= Suku people =

Ethnic group of Central Africa

The Suku people or Basuku (plural) are an ethnic group of Bantu origin who traditionally inhabit the south-western Democratic Republic of the Congo and north-western Angola. As of 2017, there are believed to be about 200,000 people who identify as Suku, many living in the Congo's Kwango Province.

Suku society is matrilineal, and they speak the Suku language.

== Society and culture ==
The Suku people have many similarities in their culture to the Yaka people. Men and women each have their own tasks and roles. The men hunt either individually or together. Hunting involves high prestige and they hunt with a bow and arrow or an antique rifle. The women are the cultivators. They harvest yams, beans, peas, pineapple, and peanuts. They also collect and forage fruits, berries, and roots.

=== Religion ===
The Suku people do have a creator god, ndzambyaphuungu, who inhabits the sky and travels the breeze. They are the originator of life and death and the explanation to all occurrences and unanswerable questions. However, there is not a cult following nor are there depictions or representation of them.

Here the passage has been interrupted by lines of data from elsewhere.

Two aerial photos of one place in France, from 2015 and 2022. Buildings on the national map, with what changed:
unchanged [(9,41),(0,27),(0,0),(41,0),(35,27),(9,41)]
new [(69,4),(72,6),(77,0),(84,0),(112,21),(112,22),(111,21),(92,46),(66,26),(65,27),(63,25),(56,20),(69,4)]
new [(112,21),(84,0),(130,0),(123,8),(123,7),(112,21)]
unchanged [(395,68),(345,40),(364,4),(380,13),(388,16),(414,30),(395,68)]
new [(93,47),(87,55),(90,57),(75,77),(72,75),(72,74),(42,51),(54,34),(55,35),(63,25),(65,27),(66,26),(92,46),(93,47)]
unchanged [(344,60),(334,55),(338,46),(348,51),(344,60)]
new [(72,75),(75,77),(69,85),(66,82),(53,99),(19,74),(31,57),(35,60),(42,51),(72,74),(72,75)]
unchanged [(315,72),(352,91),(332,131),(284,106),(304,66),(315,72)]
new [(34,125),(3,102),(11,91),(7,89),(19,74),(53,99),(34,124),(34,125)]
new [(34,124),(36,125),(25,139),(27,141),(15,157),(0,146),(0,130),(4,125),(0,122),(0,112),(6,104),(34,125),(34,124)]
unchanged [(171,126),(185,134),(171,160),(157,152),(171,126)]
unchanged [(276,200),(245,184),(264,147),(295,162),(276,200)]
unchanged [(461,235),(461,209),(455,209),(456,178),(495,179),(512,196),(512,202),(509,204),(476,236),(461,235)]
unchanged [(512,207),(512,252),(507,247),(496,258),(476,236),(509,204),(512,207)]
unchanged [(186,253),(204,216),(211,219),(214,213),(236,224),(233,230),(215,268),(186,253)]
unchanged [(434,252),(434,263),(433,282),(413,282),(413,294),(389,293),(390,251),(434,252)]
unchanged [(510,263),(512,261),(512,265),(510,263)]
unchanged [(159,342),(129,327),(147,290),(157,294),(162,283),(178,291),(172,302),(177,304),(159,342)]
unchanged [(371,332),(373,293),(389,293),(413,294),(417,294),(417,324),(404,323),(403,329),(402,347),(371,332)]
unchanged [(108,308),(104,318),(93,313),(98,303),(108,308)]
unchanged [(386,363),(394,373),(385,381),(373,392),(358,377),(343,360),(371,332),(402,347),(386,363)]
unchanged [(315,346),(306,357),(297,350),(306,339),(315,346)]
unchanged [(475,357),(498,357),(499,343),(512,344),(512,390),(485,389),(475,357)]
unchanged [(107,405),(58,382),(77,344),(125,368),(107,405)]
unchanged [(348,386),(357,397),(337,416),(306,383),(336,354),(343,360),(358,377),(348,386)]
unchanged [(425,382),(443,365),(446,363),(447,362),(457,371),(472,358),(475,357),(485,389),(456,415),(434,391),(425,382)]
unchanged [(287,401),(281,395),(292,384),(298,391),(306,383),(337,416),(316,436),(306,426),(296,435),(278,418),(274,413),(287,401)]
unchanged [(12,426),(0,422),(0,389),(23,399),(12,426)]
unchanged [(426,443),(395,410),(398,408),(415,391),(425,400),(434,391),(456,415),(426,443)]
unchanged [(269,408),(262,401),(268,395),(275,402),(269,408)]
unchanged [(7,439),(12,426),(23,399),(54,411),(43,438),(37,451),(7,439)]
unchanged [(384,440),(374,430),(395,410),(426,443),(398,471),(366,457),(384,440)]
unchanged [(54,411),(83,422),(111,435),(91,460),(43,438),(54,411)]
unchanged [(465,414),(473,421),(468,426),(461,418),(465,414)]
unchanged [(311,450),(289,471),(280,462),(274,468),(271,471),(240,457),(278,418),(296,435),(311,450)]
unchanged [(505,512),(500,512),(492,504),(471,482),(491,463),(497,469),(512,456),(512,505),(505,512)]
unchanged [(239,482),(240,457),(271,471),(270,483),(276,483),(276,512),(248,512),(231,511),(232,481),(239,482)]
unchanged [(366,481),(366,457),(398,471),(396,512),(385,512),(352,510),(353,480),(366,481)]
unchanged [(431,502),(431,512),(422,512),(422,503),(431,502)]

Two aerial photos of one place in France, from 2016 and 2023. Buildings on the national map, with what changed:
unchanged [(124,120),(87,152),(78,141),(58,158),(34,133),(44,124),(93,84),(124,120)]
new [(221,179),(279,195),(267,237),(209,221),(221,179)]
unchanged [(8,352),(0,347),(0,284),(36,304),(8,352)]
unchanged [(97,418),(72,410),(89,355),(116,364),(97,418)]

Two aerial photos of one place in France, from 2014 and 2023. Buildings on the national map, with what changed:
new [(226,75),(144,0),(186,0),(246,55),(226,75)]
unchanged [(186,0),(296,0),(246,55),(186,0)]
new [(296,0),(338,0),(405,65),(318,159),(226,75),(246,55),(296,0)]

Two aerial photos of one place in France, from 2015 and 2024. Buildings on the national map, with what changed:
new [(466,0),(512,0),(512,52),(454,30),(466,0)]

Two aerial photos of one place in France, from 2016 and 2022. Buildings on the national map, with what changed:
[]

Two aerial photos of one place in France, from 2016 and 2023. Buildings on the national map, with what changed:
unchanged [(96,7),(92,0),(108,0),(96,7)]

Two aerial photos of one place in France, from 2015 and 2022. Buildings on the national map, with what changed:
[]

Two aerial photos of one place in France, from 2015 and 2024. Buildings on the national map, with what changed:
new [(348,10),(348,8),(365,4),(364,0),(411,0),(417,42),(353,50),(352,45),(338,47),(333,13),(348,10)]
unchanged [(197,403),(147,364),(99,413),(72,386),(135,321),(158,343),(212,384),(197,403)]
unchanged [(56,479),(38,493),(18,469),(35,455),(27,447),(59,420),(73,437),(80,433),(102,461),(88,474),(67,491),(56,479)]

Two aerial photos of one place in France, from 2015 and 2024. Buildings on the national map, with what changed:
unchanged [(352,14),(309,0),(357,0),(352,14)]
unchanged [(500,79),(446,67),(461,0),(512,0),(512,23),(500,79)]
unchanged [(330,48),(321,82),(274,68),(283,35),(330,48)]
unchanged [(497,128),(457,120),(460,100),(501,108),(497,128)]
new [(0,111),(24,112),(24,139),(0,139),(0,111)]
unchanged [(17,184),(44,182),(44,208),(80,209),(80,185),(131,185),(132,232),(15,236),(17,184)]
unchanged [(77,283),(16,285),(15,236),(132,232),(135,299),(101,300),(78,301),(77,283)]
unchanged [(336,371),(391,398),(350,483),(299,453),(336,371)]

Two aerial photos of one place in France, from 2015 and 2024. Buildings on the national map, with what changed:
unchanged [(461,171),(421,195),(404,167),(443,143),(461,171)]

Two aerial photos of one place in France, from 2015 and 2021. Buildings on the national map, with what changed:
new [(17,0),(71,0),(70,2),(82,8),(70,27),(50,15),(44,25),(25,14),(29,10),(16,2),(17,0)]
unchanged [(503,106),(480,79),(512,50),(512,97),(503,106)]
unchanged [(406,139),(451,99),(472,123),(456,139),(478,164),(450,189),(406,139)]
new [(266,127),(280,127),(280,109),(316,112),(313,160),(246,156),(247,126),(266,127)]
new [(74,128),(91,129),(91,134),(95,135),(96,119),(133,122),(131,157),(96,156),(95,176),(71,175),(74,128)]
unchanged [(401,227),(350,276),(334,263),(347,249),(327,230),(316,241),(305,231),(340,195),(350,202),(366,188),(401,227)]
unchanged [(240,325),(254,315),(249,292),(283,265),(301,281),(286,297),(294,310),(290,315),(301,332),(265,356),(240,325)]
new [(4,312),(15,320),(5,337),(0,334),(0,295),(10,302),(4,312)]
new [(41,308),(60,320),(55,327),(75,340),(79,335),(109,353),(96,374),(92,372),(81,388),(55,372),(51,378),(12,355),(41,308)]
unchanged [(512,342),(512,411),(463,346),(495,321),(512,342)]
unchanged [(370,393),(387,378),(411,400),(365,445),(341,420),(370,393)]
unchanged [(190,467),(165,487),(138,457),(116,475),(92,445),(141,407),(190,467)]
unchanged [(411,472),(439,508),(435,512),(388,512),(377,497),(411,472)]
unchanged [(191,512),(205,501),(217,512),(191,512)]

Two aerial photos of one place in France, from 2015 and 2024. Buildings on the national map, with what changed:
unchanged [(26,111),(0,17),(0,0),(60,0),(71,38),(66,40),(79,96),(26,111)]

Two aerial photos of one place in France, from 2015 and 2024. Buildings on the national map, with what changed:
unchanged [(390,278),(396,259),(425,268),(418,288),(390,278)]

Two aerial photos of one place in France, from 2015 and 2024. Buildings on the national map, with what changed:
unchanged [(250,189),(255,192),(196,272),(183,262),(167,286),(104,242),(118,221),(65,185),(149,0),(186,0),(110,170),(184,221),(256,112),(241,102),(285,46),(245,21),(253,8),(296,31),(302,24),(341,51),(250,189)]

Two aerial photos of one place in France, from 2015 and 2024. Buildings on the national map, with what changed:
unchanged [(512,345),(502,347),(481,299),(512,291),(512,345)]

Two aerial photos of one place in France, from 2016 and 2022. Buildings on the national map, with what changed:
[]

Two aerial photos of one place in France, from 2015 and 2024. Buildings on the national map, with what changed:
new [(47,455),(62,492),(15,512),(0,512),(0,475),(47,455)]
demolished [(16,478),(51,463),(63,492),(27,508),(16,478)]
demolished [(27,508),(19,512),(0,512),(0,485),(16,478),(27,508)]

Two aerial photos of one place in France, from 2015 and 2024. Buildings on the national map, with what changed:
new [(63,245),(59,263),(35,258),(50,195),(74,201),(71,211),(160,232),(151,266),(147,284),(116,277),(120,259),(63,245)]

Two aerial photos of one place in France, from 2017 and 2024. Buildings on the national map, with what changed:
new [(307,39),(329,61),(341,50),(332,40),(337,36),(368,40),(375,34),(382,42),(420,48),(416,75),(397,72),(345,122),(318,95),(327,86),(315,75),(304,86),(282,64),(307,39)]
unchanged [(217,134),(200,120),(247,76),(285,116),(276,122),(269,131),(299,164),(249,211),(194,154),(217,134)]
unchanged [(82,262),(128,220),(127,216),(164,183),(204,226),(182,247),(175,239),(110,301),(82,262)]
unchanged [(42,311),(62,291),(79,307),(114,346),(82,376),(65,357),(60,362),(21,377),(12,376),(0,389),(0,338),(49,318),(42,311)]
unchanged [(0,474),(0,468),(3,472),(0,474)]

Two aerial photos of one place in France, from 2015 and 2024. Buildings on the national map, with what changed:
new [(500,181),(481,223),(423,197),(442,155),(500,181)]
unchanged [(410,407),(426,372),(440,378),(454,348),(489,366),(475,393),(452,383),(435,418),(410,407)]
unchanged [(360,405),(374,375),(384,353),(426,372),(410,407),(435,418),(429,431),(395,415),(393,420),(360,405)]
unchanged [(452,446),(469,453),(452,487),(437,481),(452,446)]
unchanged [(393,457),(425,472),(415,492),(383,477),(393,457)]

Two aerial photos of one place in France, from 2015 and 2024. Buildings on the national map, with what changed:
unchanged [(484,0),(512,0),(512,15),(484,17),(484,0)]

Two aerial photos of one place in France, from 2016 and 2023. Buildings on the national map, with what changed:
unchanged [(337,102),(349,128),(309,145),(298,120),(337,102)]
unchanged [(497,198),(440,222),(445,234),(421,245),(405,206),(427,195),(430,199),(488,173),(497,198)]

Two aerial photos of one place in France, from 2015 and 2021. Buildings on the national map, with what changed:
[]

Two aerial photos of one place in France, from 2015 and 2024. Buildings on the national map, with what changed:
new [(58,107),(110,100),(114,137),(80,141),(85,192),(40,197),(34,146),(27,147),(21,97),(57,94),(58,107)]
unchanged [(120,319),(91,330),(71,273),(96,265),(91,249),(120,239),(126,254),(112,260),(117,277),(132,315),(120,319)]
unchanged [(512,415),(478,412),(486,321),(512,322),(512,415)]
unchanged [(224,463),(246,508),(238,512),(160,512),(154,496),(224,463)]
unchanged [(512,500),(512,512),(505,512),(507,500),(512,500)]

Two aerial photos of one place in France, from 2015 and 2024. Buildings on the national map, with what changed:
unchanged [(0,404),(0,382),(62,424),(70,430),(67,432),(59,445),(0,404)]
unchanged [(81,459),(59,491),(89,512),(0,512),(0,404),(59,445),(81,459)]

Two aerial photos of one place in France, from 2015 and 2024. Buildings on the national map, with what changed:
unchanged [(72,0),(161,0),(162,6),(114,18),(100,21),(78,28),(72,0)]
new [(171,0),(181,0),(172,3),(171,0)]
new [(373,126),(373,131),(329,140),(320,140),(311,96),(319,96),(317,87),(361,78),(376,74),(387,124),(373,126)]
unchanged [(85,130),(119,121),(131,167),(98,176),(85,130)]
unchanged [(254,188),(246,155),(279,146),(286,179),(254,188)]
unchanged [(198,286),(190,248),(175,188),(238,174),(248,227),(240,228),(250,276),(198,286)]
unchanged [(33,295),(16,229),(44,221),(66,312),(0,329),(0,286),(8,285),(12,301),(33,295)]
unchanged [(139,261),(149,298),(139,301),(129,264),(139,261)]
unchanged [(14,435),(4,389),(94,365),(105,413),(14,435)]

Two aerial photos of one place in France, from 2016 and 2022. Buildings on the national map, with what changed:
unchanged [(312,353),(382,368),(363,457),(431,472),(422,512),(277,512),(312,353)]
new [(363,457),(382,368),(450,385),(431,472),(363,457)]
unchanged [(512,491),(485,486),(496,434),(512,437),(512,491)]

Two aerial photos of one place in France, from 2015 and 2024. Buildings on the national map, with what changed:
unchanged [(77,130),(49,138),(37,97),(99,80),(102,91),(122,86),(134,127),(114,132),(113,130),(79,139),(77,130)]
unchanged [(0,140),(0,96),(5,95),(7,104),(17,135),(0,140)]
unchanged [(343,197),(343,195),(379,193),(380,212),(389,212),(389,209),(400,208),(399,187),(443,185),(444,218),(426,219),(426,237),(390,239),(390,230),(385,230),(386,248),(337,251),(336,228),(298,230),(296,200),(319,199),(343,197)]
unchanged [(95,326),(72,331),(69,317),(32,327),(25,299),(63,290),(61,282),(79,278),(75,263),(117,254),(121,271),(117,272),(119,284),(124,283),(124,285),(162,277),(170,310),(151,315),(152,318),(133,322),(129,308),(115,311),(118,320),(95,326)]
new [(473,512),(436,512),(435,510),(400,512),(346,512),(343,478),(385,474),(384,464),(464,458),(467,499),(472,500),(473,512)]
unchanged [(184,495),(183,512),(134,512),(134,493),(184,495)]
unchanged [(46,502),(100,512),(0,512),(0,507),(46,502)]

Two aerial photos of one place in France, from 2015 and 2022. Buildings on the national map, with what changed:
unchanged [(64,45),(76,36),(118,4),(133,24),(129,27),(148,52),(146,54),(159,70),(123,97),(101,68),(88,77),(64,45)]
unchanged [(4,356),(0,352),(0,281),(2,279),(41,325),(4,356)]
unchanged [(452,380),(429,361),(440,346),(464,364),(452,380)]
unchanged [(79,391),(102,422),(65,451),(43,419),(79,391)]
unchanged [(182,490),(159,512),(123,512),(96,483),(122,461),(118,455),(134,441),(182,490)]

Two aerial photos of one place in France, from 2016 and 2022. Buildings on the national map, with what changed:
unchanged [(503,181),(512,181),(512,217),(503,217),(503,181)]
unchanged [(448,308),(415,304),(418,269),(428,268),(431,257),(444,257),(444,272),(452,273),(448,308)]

 The Suku and Yaka have a diviner called a ngoombu. They deal with clients that have had a misfortune, strange event, sickness or death. They require nziimbu shell money, coin, or piece of cloth of the victim to reveal where these problems are coming from.

=== Initiation ===
Initiation is the process Suku boys go through to reach manhood. They go to a camp site called mukhanda, or n-khanda among the Yaka. When there are enough boys that are uncircumcised, between the ages 10–15, for the initiation, the elders can then announce the initiation to begin. One month before the boys are sent away, relatives in the area are visited by the young candidates and give dances for traditional gifts. While this is happening, the sponsoring village is setting up the initiation site directed by a charm specialist. It involves special structures, masks, and sculpted posts that are covered in charms and medicines that barricade the initiation site. The formal opening of mukhanda takes place the day before the circumcision, they gather by a tree called mukaamba tree. If a candidate is judged appropriate the charm specialist shoots an arrow into the tree. If the arrow stays, they cut and carry the tree down to take it back to the village in male solidarity. The initiates will sing songs of mourning during this time, recalling the initiates' separation from their family and possible chance of death. The tree is placed in an open area of the village near the initiation camp and later in the day, the kakungu, m-bawa, and hemba masks appear for the festivities.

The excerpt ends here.